Le graphite étudié ici présente un empilement naturel (Bernal), mais il existe un autre allotrope stable du graphite, le rhomboédrique. Il n'y a pas de mesures de transport signalées sur ce matériau à ce jour, seulement beaucoup de prédictions théoriques, y compris la supraconductivité à haute température et le ferromagnétisme. Les chercheurs de Manchester disent qu'ils envisagent donc désormais d'explorer également cet allotrope.

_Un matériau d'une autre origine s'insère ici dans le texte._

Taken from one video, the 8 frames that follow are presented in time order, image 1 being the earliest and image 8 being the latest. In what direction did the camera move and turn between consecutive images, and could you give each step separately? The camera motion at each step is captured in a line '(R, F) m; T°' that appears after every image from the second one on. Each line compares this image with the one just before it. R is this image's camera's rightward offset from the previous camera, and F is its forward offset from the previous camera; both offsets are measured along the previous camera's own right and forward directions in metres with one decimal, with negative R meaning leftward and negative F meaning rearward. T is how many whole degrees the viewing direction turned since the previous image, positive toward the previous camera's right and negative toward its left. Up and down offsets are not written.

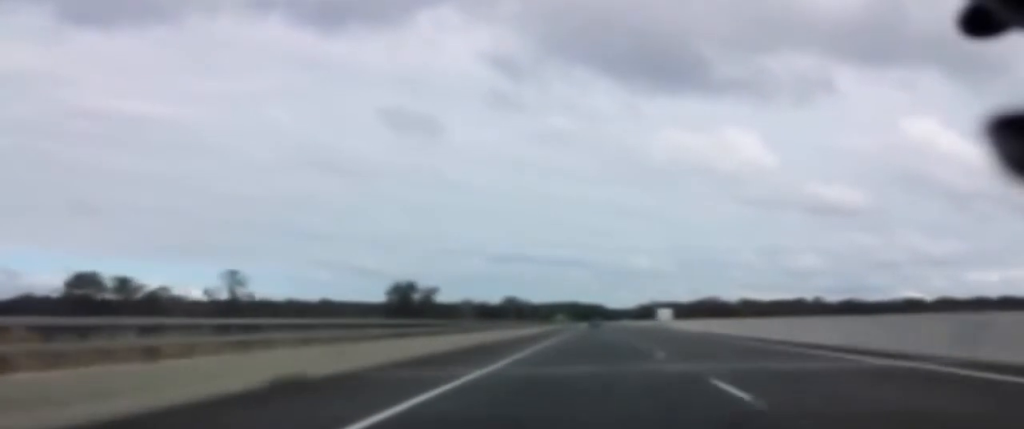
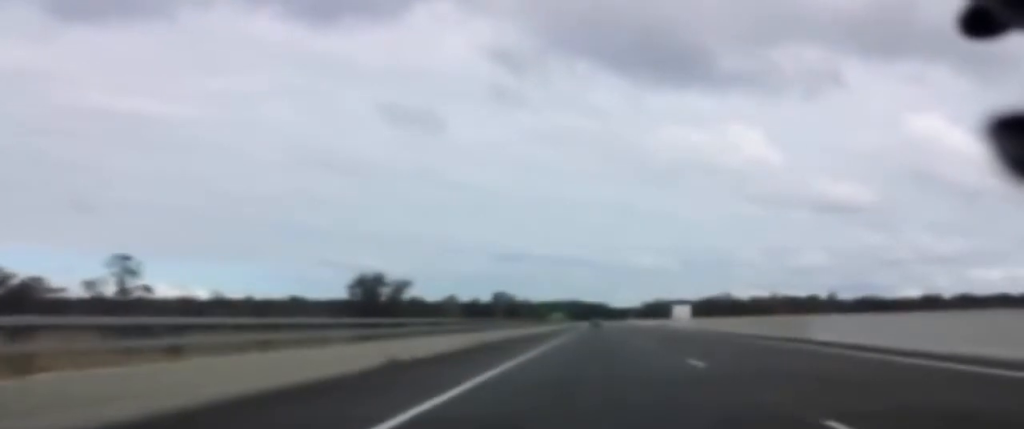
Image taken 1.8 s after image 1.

« Pendant des décennies, le graphite a été utilisé par les chercheurs comme une sorte de « pierre philosophale » capable de produire tous les phénomènes probables et improbables, y compris la supraconductivité à température ambiante, " Geim ajoute avec un sourire. " Notre travail montre ce qui est, en principe, possible dans ce matériau, du moins quand il est dans sa forme la plus pure."